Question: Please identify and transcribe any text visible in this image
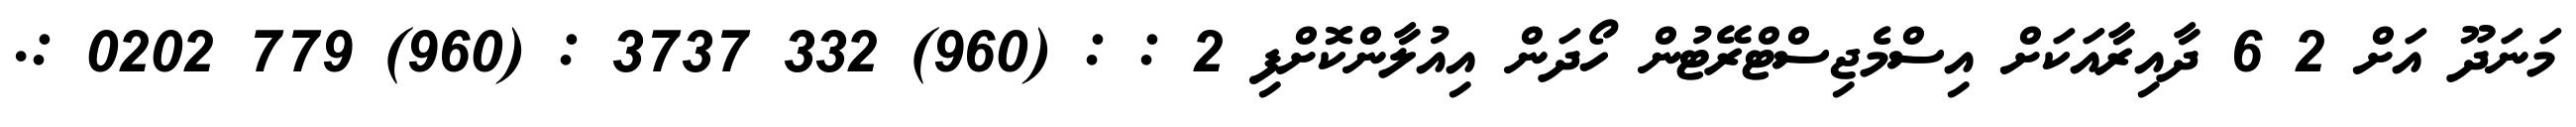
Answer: މަނަދޫ އަށް 2 6 ދާއިރާއަކަށް އިސްމެޖިސްޓްރޭޓުން ހޯދަން އިއުލާންކޮށްފި 2 : : (960) 332 3737 : (960) 779 0202 :.
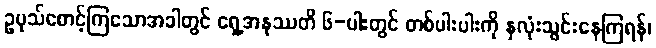
ဥပုသ်စောင့်ကြသောအခါတွင် ရှေ့အနုဿတိ ၆-ပါးတွင် တစ်ပါးပါးကို နှလုံးသွင်းနေကြရန်၊
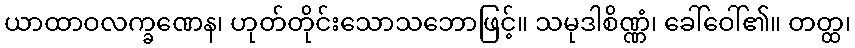
ယာထာဝလက္ခဏေန၊ ဟုတ်တိုင်းသောသဘောဖြင့်။ သမုဒါစိဏ္ဏံ၊ ခေါ်ဝေါ်၏။ တတ္ထ၊
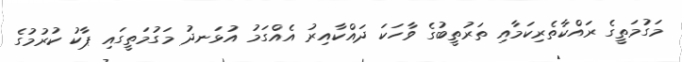
މަގުމަތީގެ ރައްކާތެރިކަމާއި ތަރުތީބުގެ ވާހަކަ ދައްކާއިރު އެއްގަމު އުޅަނދު މަގުމަތީގައި ޕާކު ކުރުމުގެ
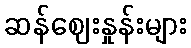
ဆန်ဈေးနှုန်းများ
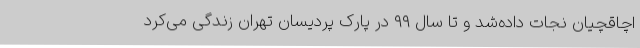
اچاقچیان نجات داده‌شد و تا سال ۹۹ در پارک پردیسان تهران زندگی می‌کرد
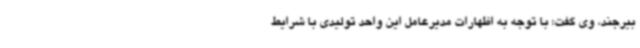
بیرجند، وی گفت: با توجه به اظهارات مدیرعامل این واحد تولیدی با شرایط
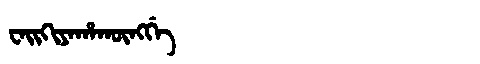
Manchu: ᠸᠠᡳᡴᡳᠶᠠᡥᠠᡴᡡᠩᡤᡝ
Romanization: WAIKIYAHAKŪNGGE
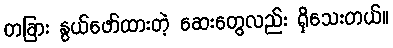
တခြား နွယ်ဖော်ထားတဲ့ ဆေးတွေလည်း ရှိသေးတယ်။
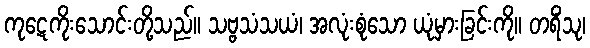
ကုဋေကိုးသောင်းတို့သည်။ သဗ္ဗသံသယံ၊ အလုံးစုံသော ယုံမှားခြင်းကို။ တရိံသု၊
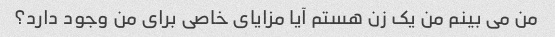
من می بینم من یک زن هستم آیا مزایای خاصی برای من وجود دارد؟
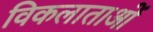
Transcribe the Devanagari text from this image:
विकलाताओं
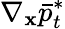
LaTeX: \nabla_{\mathbf{x}}\bar{{p}}_{t}^{*}
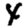
Digit: 4
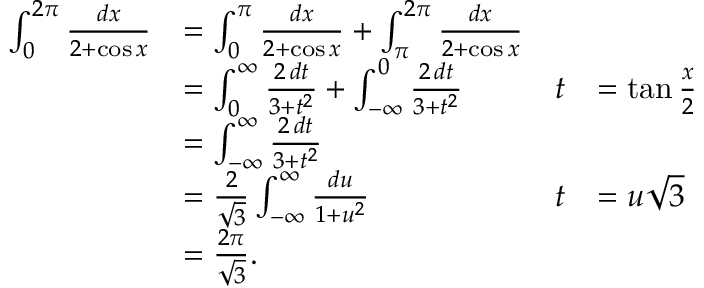
{ \begin{array} { r l r l } { \int _ { 0 } ^ { 2 \pi } { \frac { d x } { 2 + \cos x } } } & { = \int _ { 0 } ^ { \pi } { \frac { d x } { 2 + \cos x } } + \int _ { \pi } ^ { 2 \pi } { \frac { d x } { 2 + \cos x } } } \\ & { = \int _ { 0 } ^ { \infty } { \frac { 2 \, d t } { 3 + t ^ { 2 } } } + \int _ { - \infty } ^ { 0 } { \frac { 2 \, d t } { 3 + t ^ { 2 } } } } & { t } & { = \tan { \frac { x } { 2 } } } \\ & { = \int _ { - \infty } ^ { \infty } { \frac { 2 \, d t } { 3 + t ^ { 2 } } } } \\ & { = { \frac { 2 } { \sqrt { 3 } } } \int _ { - \infty } ^ { \infty } { \frac { d u } { 1 + u ^ { 2 } } } } & { t } & { = u { \sqrt { 3 } } } \\ & { = { \frac { 2 \pi } { \sqrt { 3 } } } . } \end{array} }
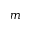
m
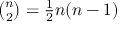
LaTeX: \textstyle { { \binom { n } { 2 } } = { \frac { 1 } { 2 } } n ( n - 1 ) }
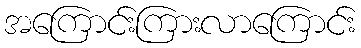
အကြောင်းကြားလာကြောင်း
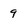
Character: 9
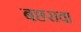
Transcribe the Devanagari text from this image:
बछरावा
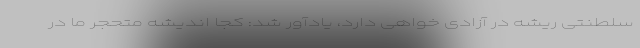
سلطنتی ریشه در آزادی خواهی دارد، یادآور شد: کجا اندیشه متحجر ما در

## Task requirements
The answer should contain only the lines from the start of the records above through the line with "اچاقچیان نجات داده‌شد", copied exactly, and no pictures.

## Response
Question: Please identify and transcribe any text visible in this image
Answer: މަނަދޫ އަށް 2 6 ދާއިރާއަކަށް އިސްމެޖިސްޓްރޭޓުން ހޯދަން އިއުލާންކޮށްފި 2 : : (960) 332 3737 : (960) 779 0202 :.
ဥပုသ်စောင့်ကြသောအခါတွင် ရှေ့အနုဿတိ ၆-ပါးတွင် တစ်ပါးပါးကို နှလုံးသွင်းနေကြရန်၊
ယာထာဝလက္ခဏေန၊ ဟုတ်တိုင်းသောသဘောဖြင့်။ သမုဒါစိဏ္ဏံ၊ ခေါ်ဝေါ်၏။ တတ္ထ၊
މަގުމަތީގެ ރައްކާތެރިކަމާއި ތަރުތީބުގެ ވާހަކަ ދައްކާއިރު އެއްގަމު އުޅަނދު މަގުމަތީގައި ޕާކު ކުރުމުގެ
ဆန်ဈေးနှုန်းများ
اچاقچیان نجات داده‌شد و تا سال ۹۹ در پارک پردیسان تهران زندگی می‌کرد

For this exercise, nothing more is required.